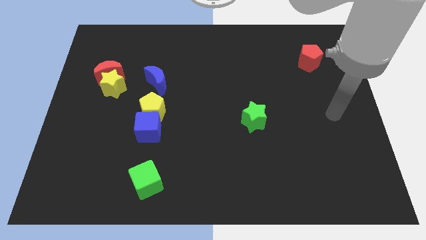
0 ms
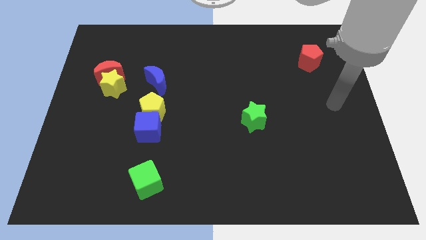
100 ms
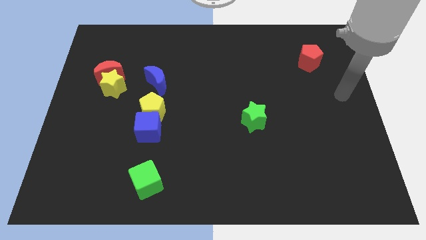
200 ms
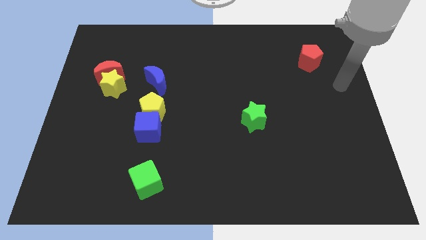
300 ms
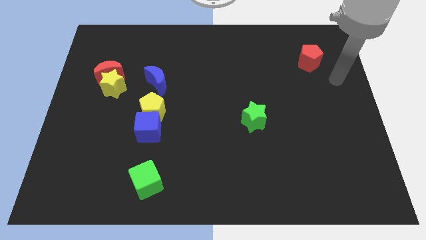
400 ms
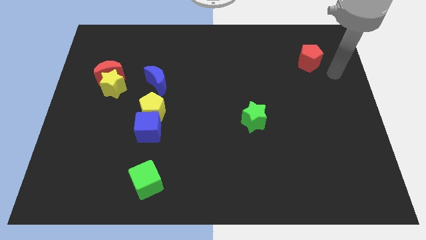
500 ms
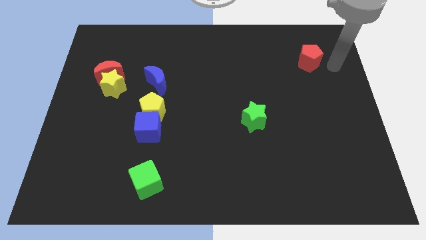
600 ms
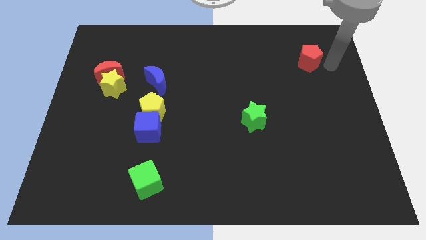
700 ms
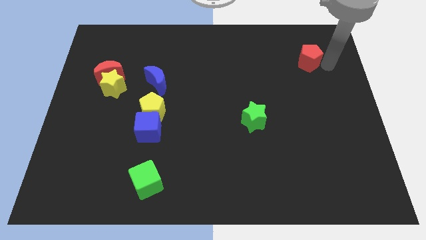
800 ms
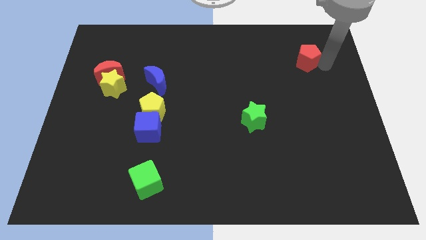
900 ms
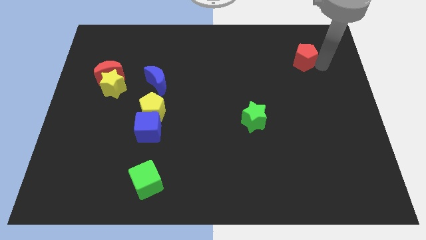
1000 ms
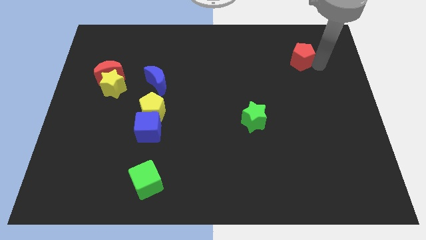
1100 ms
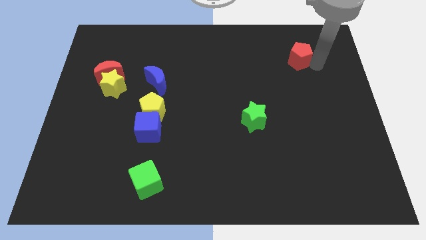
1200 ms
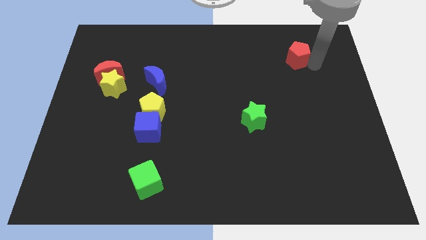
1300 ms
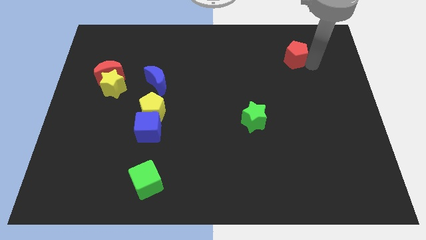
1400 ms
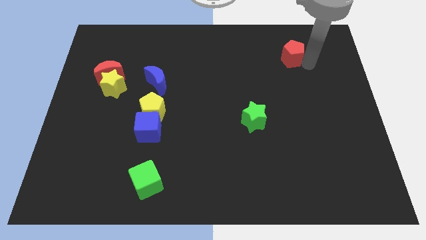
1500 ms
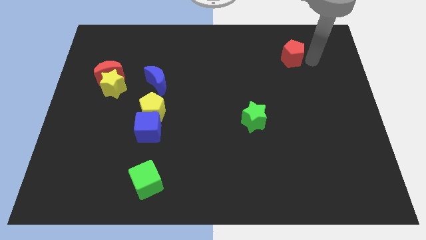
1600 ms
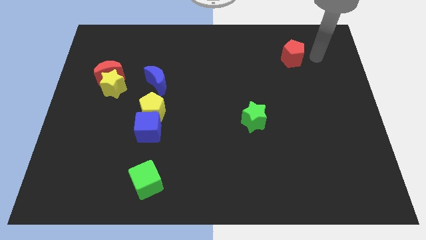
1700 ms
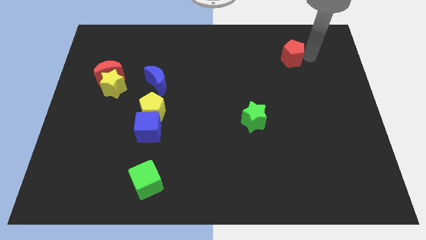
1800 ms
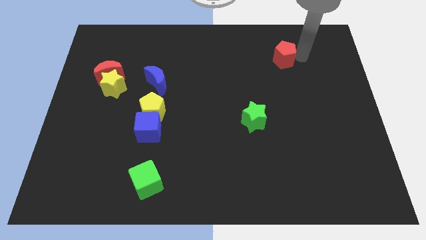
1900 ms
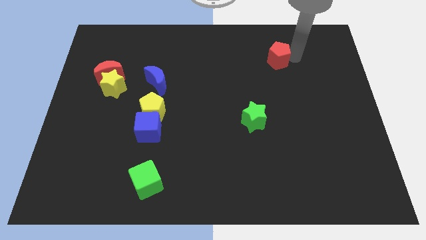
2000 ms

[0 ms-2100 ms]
slightly move the red pentagon to the left

· · · ·

— TASK INSTRUCTIONS —
Output the records exactly, please. The pictures are not part of the copy.

— ANSWER FOR THE TASK —
0 ms
100 ms
200 ms
300 ms
400 ms
500 ms
600 ms
700 ms
800 ms
900 ms
1000 ms
1100 ms
1200 ms
1300 ms
1400 ms
1500 ms
1600 ms
1700 ms
1800 ms
1900 ms
2000 ms

[0 ms-2100 ms]
slightly move the red pentagon to the left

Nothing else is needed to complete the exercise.